Bleaker Than You Think

I think the “bleak facts on black opportunity” Richard V. Reeves reports at Brookings:

There are race gaps in almost every conceivable social and economic dimension, many of which we have discussed on these pages before: incarceration, early learning, parenting, schooling, attitudinal racism, employment – the list goes on. There has been progress, too, of course. But one thing is clear. An inescapable requirement for building an opportunity society is improving the life chances of black Americans.

are even bleaker than he thinks. I wish the report distinguished between native-born African Americans and more recent immigrants. I believe that he would find that recent immigrants and their children fare much better than the descendants of slaves have and the policies put into place to remediate the situation have disproportionately benefited the wrong people.

3 comments… add one
  • Modulo Myself Link

    His supporters don’t support him because his methods are solid but because they like his conclusions and prescription.

    Take a look at someone like Paul Krugman. He likes Piketty and supports his conclusions because they confirm what he believes. However–Krugman was not always Krugman: the old Paul Krugman of the 90s would not have believed Piketty.

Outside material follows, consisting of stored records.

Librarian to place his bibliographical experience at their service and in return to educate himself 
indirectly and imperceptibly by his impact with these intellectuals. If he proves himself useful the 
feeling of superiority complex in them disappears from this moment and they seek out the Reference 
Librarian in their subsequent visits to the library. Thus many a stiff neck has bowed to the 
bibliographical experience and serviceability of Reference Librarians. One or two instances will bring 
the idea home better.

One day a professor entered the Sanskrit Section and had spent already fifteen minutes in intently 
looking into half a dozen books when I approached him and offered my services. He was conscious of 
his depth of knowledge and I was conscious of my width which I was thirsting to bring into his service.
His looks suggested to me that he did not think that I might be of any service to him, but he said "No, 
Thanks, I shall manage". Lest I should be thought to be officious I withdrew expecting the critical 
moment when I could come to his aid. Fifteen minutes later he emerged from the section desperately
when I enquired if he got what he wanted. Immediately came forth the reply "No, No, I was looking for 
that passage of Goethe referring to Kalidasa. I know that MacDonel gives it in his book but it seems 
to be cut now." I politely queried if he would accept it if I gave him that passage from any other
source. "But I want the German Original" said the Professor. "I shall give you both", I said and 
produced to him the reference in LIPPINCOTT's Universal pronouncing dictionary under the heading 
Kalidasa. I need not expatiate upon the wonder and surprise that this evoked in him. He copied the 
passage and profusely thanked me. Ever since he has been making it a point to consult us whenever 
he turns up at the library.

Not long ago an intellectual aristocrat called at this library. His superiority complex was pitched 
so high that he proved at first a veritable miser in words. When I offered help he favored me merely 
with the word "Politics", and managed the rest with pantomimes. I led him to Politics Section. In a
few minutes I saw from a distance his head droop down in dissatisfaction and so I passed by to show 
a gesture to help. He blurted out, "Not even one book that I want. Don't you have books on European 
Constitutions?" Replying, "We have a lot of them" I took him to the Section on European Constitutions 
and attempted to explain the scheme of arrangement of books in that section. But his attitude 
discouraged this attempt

    The real question is why has the conventional wisdom of authoritative intellectuals slid almost entirely in the direction of Piketty?

  • The real question is why has the conventional wisdom of authoritative intellectuals slid almost entirely in the direction of Piketty?

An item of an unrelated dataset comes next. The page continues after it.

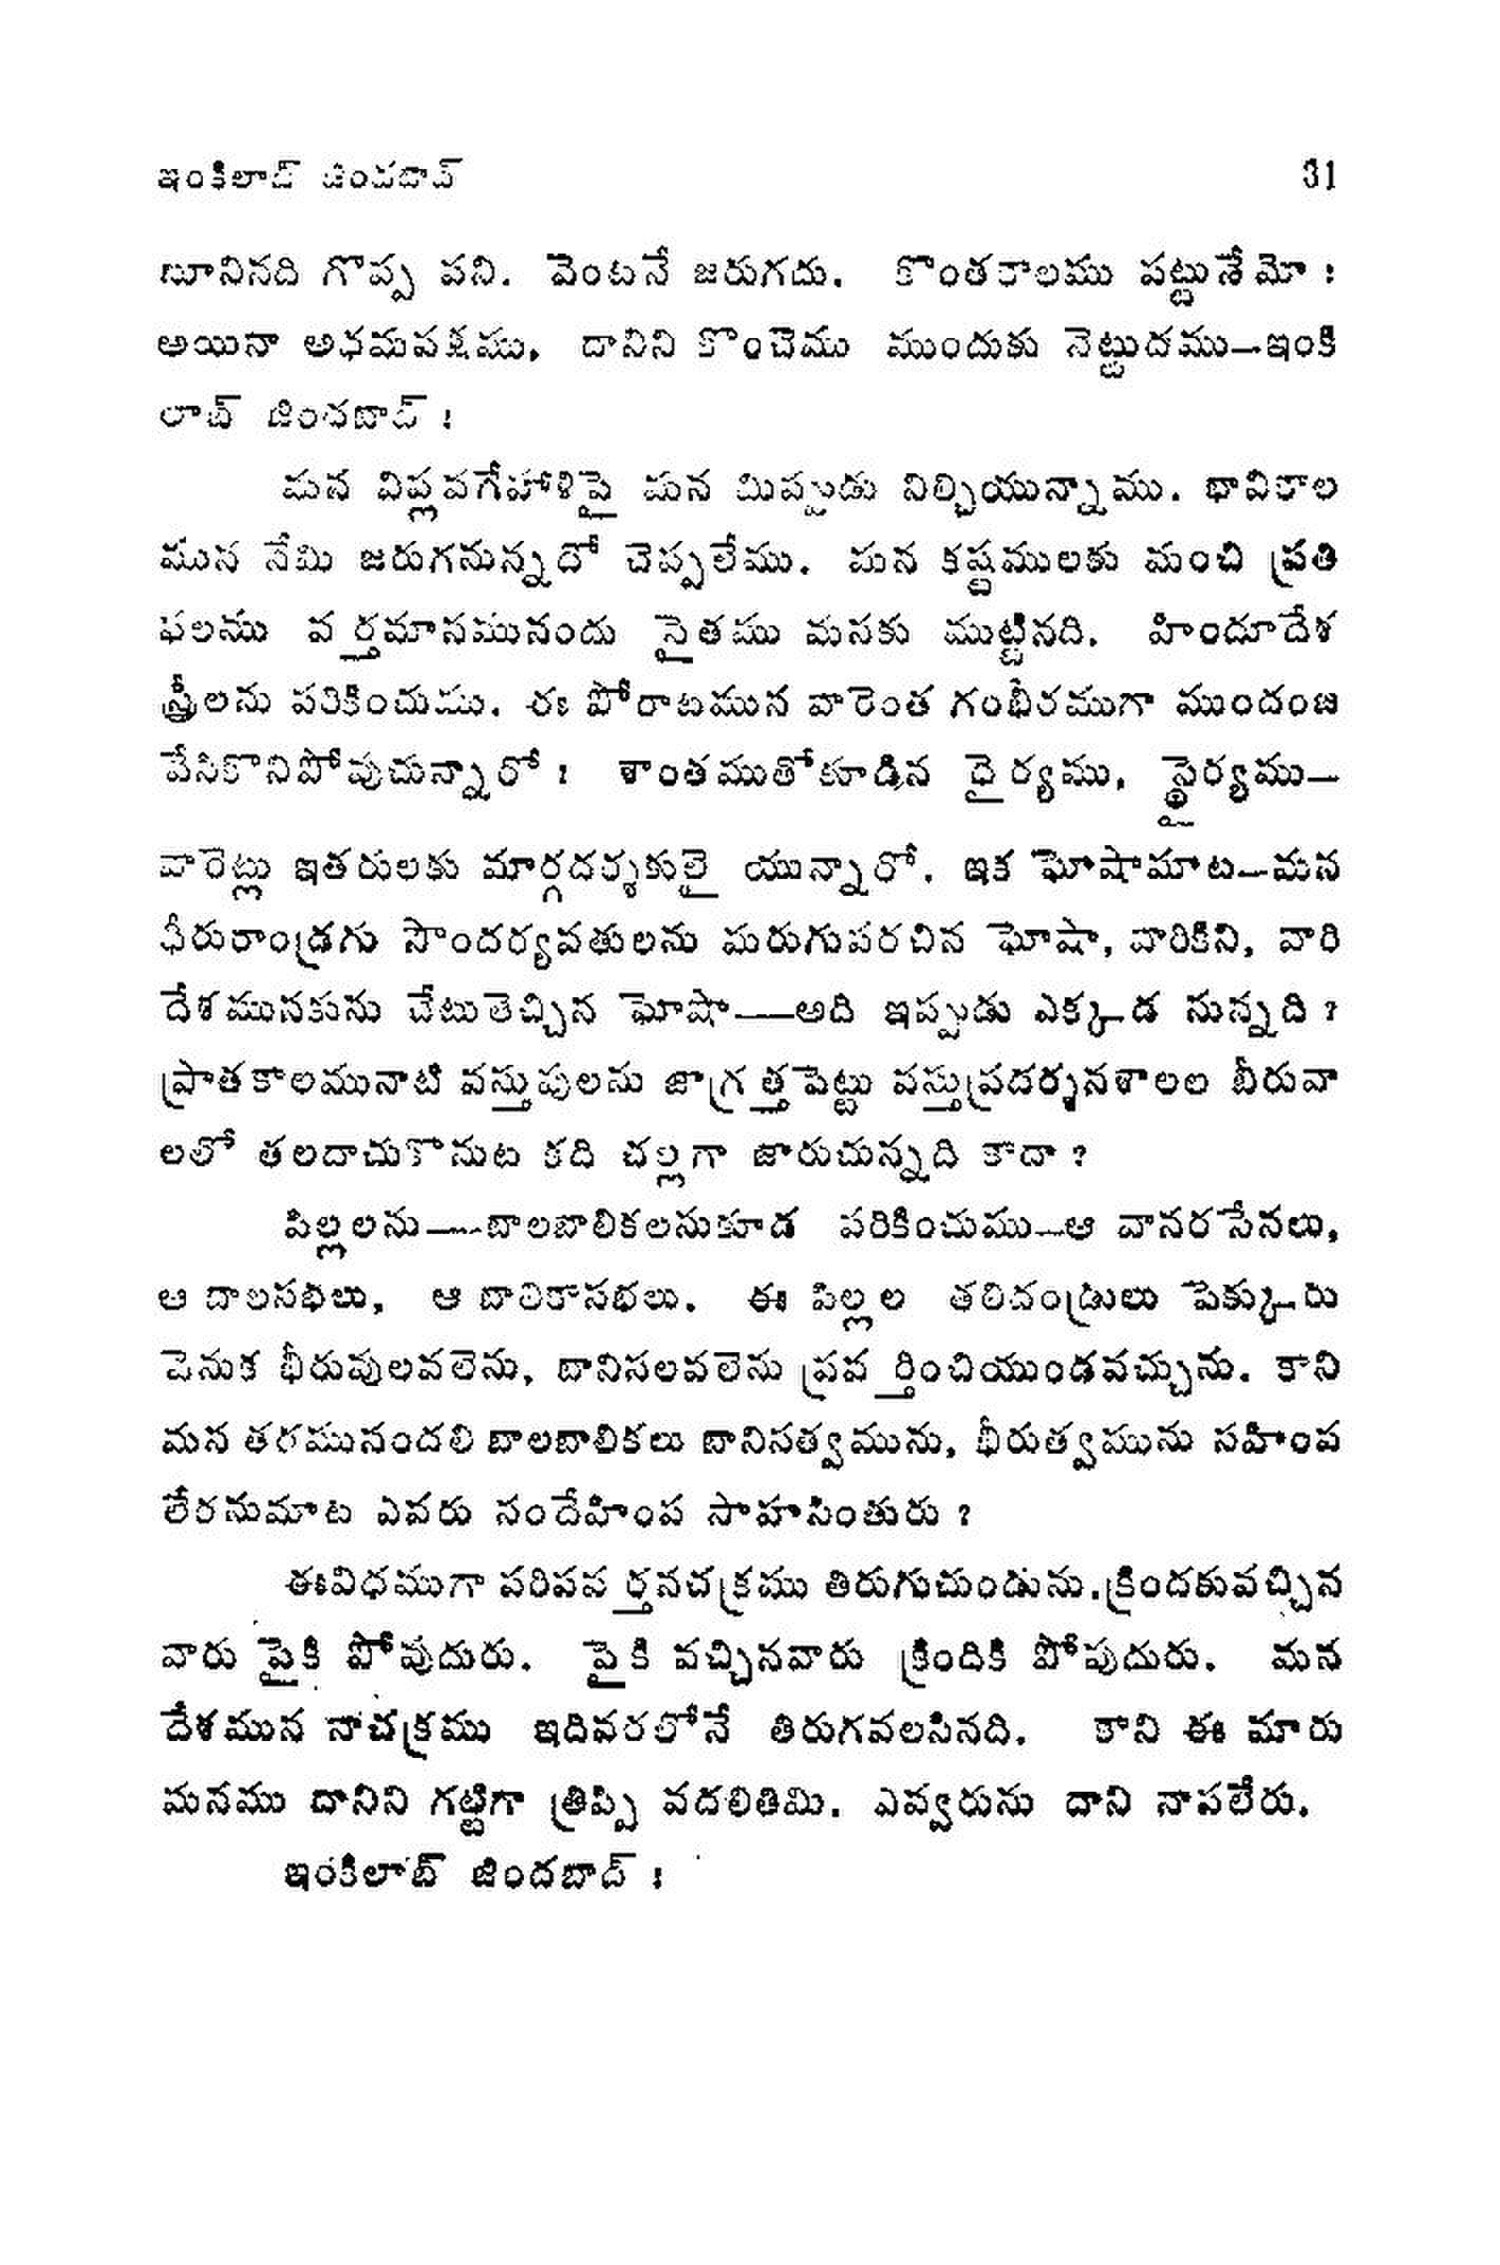బూనినది గొప్ప పని. వెంటనే జరుగదు. కొంతకాలము పట్టునేమో! అయినా అథమపక్షము, దానిని కొంచెము ముందుకు నెట్టుదము-ఇంకిలాబ్ జిందబాద్!

మన విప్లవగేహాళిపై మన మిప్పుడు నిల్చియున్నాము. భావికాలమున నేమి జరుగనున్నదో చెప్పలేము. మన కష్టములకు మంచి ప్రతిఫలము వర్తమానమునందు సైతము మసకు ముట్టినది. హిందూదేశ స్త్రీలను పరికించుము. ఈ పోరాటమున వారెంత గంభీరముగా ముందంజ వేసికొనిపోవుచున్నారో ! శాంతముతో కూడిన ధైర్యము, స్థైర్యము - వారెట్లు ఇతరులకు మార్గదర్శకులై యున్నారో. ఇక ఘోషామాట-మన ధీరురాండ్రగు సౌందర్యవతులను మరుగుపరచిన ఘోషా, వారికిని, వారి దేశమునకును చేటు తెచ్చిన ఘోషా- అది ఇప్పుడు ఎక్కడ నున్నది ? ప్రాతకాలమునాటి వస్తువులను జాగ్రత్త పెట్టు వస్తుప్రదర్శనశాలల బీరువాలలో తలదాచుకొనుట కది చల్లగా జారుచున్నది కాదా ?

పిల్లలను - బాలబాలికలనుకూడ పరికించుము - ఆ వానర సేనలు, ఆ బాలసభలు, ఆ బాలికాసభలు. ఈ పిల్లల తల్లిదండ్రులు పెక్కురు వెనుక భీరువులవలెను, బానిసలవలెను ప్రవర్తించియుండవచ్చును. కాని మన తరమునందలి బాలబాలికలు బానిసత్వమును, భీరుత్వమును సహింప లేరనుమాట ఎవరు సందేహింప సాహసింతురు ?

ఈవిధముగా పరిపవర్తనచక్రము తిరుగుచుండును. క్రిందకువచ్చిన వారు పైకి పోవుదురు. పైకి వచ్చినవారు క్రిందికి పోపుదురు. మన దేశమున నాచక్రము ఇదివరలోనే తిరుగవలసినది. కాని ఈ మారు మనము దానిని గట్టిగా త్రిప్పి వదలితిమి. ఎవ్వరును దాని నాపలేరు.

ఇంకిలాబ్ జిందబాద్ !

    That’s actually a two-part question. Why is that the conventional wisdom and why are they considered authoritative?

    I note that the discussion is overwhelmingly of an income tax rather than a wealth tax or taxes on the activities that are promoting the inequality. Not all investment is created equal.

  • Modulo Myself Link

    Sorry about posting in the wrong place.

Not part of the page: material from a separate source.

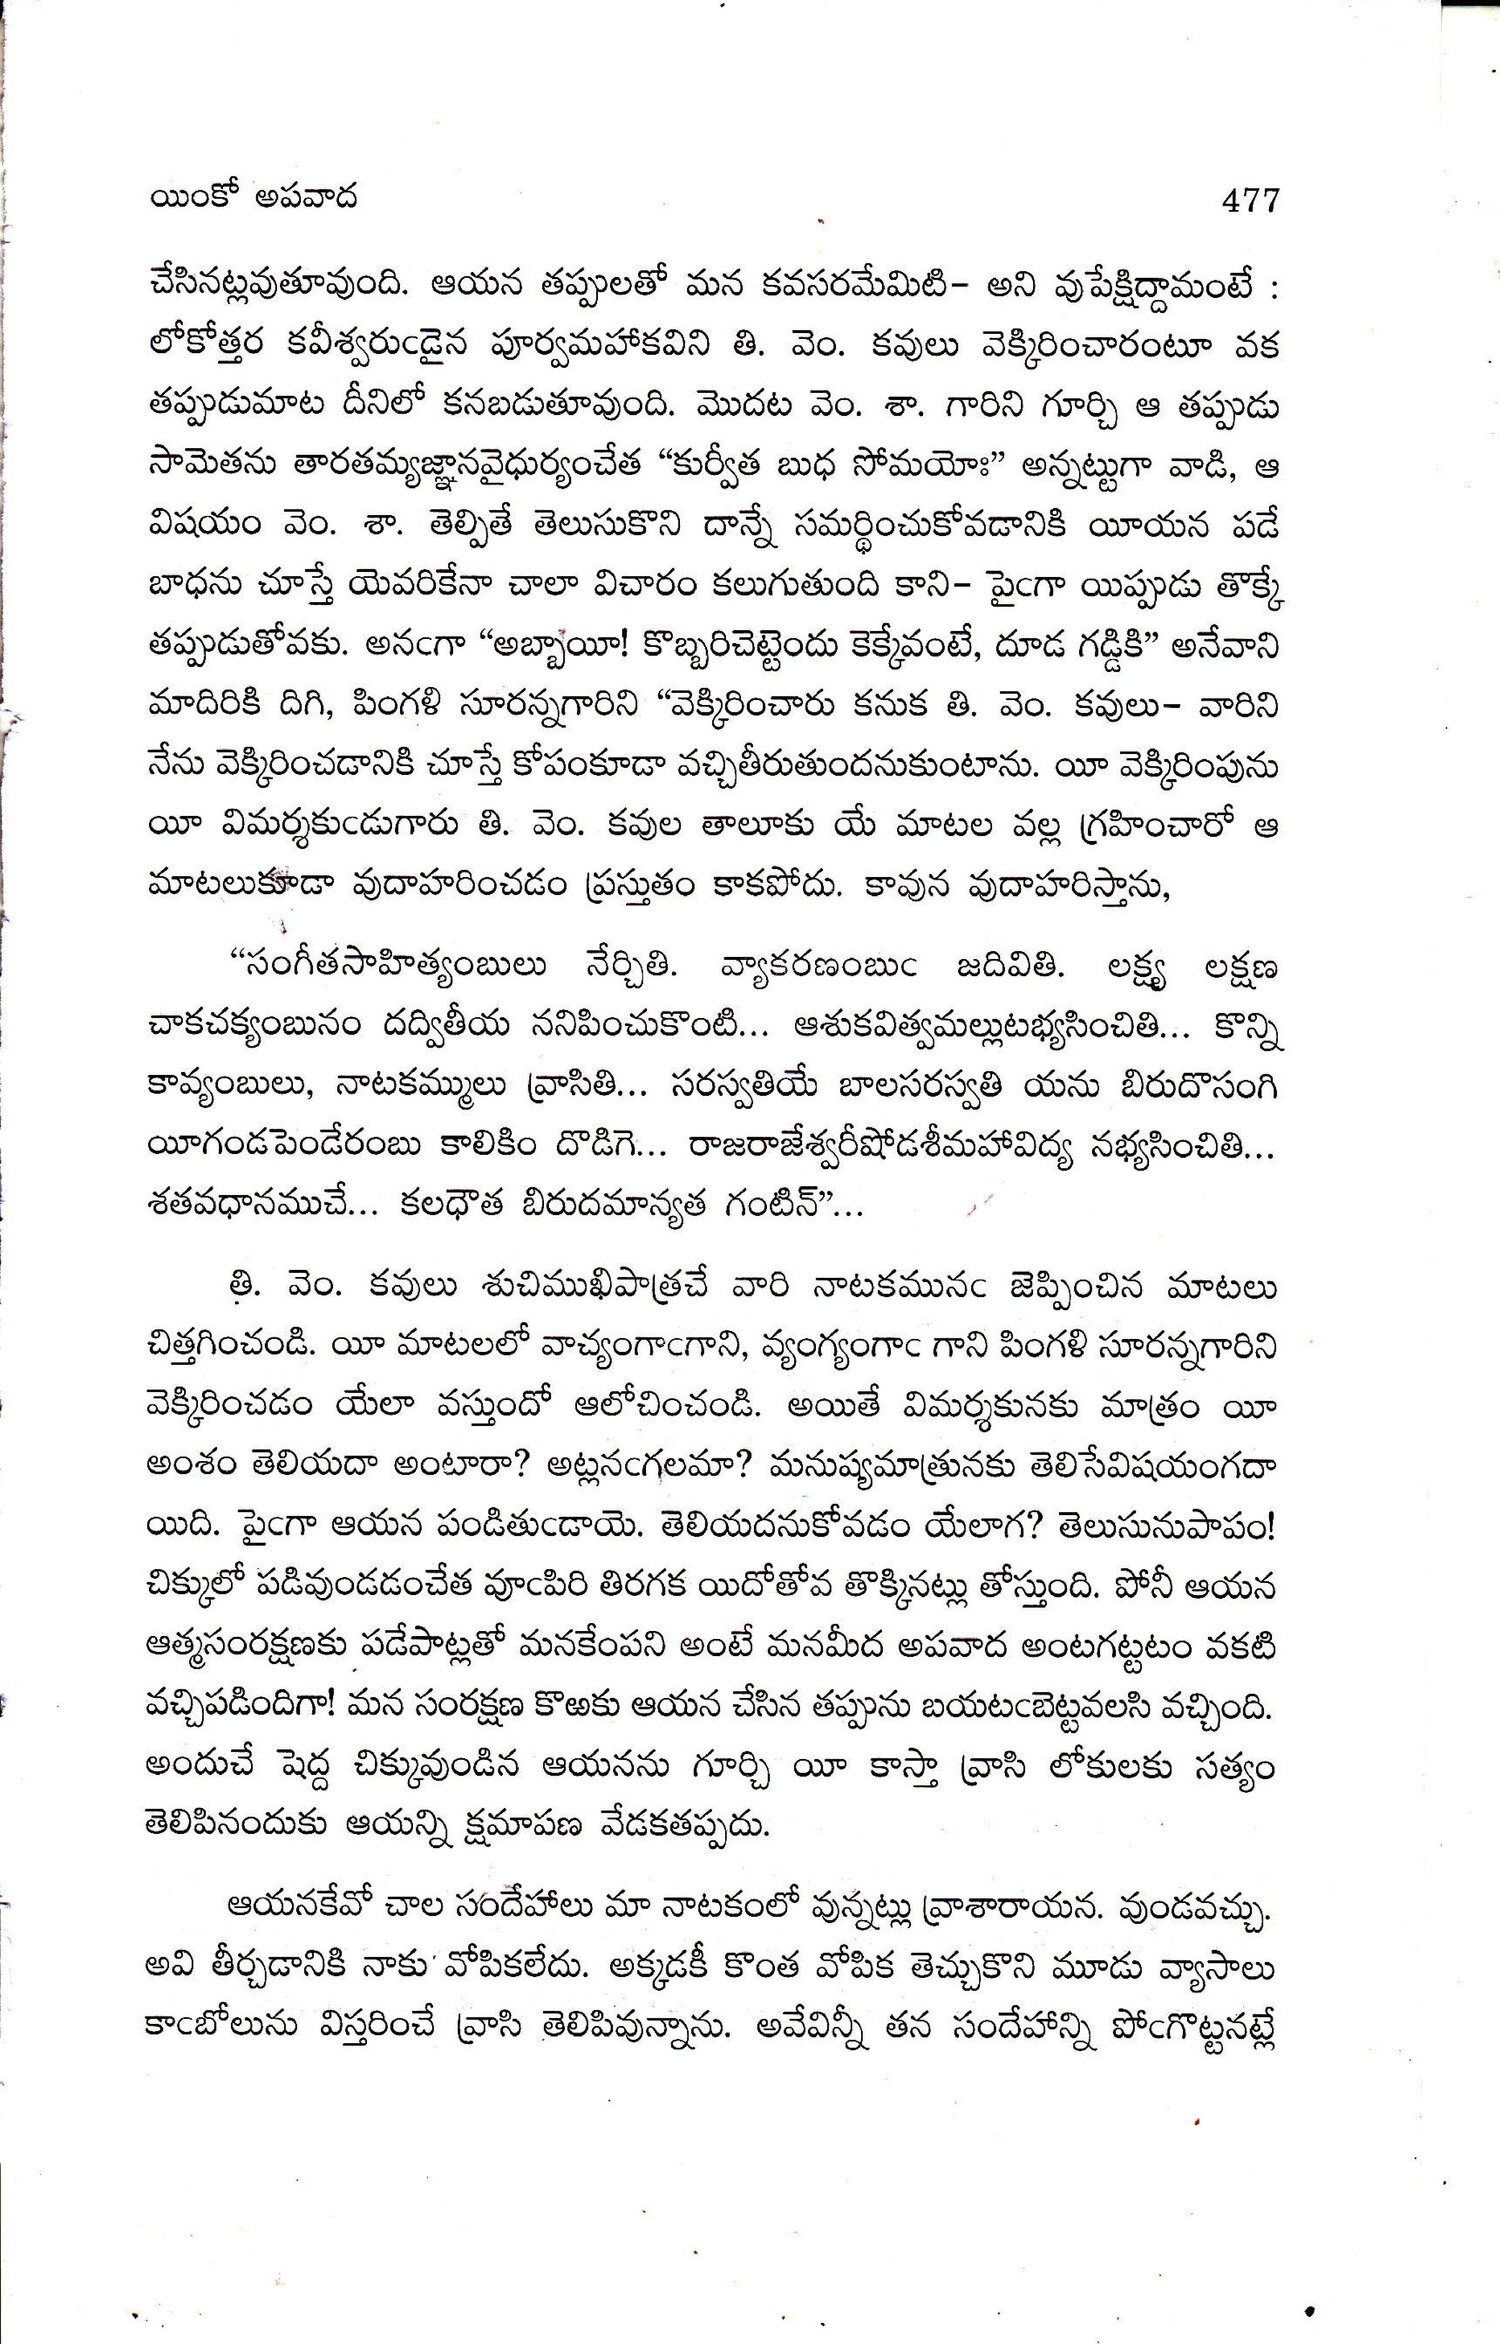చేసినట్లవుతూవుంది. ఆయన తప్పులతో మన కవసరమేమిటి- అని వుపేక్షిద్దామంటే : లోకోత్తర కవీశ్వరుఁడైన పూర్వమహాకవిని తి. వెం. కవులు వెక్కిరించారంటూ వక తప్పుడుమాట దీనిలో కనబడుతూవుంది. మొదట వెం. శా. గారిని గూర్చి ఆ తప్పుడు సామెతను తారతమ్యజ్ఞానవైధుర్యంచేత “కుర్వీత బుధ సోమయోః” అన్నట్టుగా వాడి, ఆ విషయం వెం. శా. తెల్పితే తెలుసుకొని దాన్నే సమర్థించుకోవడానికి యీయన పడే బాధను చూస్తే యెవరికేనా చాలా విచారం కలుగుతుంది కాని- పైఁగా యిప్పుడు తొక్కే తప్పుడుతోవకు. అనఁగా “అబ్బాయీ! కొబ్బరిచెట్టెందు కెక్కేవంటే, దూడ గడ్డికి" అనేవాని మాదిరికి దిగి, పింగళి సూరన్నగారిని "వెక్కిరించారు కనుక తి. వెం. కవులు- వారిని నేను వెక్కిరించడానికి చూస్తే కోపంకూడా వచ్చితీరుతుందనుకుంటాను. యీ వెక్కిరింపును యీ విమర్శకుఁడుగారు తి. వెం. కవుల తాలూకు యే మాటల వల్ల గ్రహించారో ఆ మాటలుకూడా వుదాహరించడం ప్రస్తుతం కాకపోదు. కావున వుదాహరిస్తాను,

"సంగీతసాహిత్యంబులు నేర్చితి. వ్యాకరణంబుఁ జదివితి. లక్ష్య లక్షణ చాకచక్యంబునం దద్వితీయ ననిపించుకొంటి. ఆశుకవిత్వమల్లుటభ్యసించితి. కొన్ని కావ్యంబులు, నాటకమ్ములు వ్రాసితి. సరస్వతియే బాలసరస్వతి యను బిరుదొసంగి యీగండపెండేరంబు కాలికిం దొడిగె. రాజరాజేశ్వరీషోడశీమహావిద్య నభ్యసించితి. శతవధానముచే... కలధౌత బిరుదమాన్యత గంటిన్”. ... "

తి. వెం. కవులు శుచిముఖిపాత్రచే వారి నాటకమునఁ జెప్పించిన మాటలు చిత్తగించండి. యీ మాటలలో వాచ్యంగాఁగాని, వ్యంగ్యంగాఁ గాని పింగళి సూరన్నగారిని వెక్కిరించడం యేలా వస్తుందో ఆలోచించండి. అయితే విమర్శకునకు మాత్రం యీ అంశం తెలియదా అంటారా? అట్లనఁగలమా? మనుష్యమాత్రునకు తెలిసేవిషయంగదా యిది. పైఁగా ఆయన పండితుఁడాయె. తెలియదనుకోవడం యేలాగ? తెలుసునుపాపం! చిక్కులో పడివుండడంచేత వూఁపిరి తిరగక యిదోతోవ తొక్కినట్లు తోస్తుంది. పోనీ ఆయన ఆత్మసంరక్షణకు పడేపాట్లతో మనకేంపని అంటే మనమీద అపవాద అంటగట్టటం వకటి వచ్చిపడిందిగా! మన సంరక్షణ కొఱకు ఆయన చేసిన తప్పును బయటఁబెట్టవలసి వచ్చింది. అందుచే షెద్ద చిక్కువుండిన ఆయనను గూర్చి యీ కాస్తా వ్రాసి లోకులకు సత్యం తెలిపినందుకు ఆయన్ని క్షమాపణ వేడకతప్పదు.

ఆయనకేవో చాల సందేహాలు మా నాటకంలో వున్నట్లు వ్రాశారాయన. వుండవచ్చు. అవి తీర్చడానికి నాకు వోపికలేదు. అక్కడకీ కొంత వోపిక తెచ్చుకొని మూడు వ్యాసాలు కాఁబోలును విస్తరించే వ్రాసి తెలిపివున్నాను. అవేవిన్నీ తన సందేహాన్ని పోఁగొట్టనట్లే

    Piketty proposes a wealth tax, or a global tax on capital. It seems an impossible policy to imagine happening, which is why nobody discusses it.

    It’s just a question. Krugman’s answer would most likely be that intellectuals fell out of their ivory towers during the Bush years and realized how ideological the belief in neoliberal capitalism was. This makes sense, except that there was no real reason to believe any of the claims made during the Clinton years about the eventual triumph of an deregulated market-based economy. The people who question Piketty’s findings seem to be arguing to an audience of the living dead, eg. the same types who believe that climate isn’t real, who both hate their lack of respectability and yet desperately crave it–thus the endless procession of rebuffs and disproofs of settled ideas simply in hopes of somehow winning, which will never happen. My answer is that the damage was done: people like Krugman are good at following which way the wind blows and the pay-off for obedience is the ability to sound like a person devoted to the truth, and perhaps even to believe it.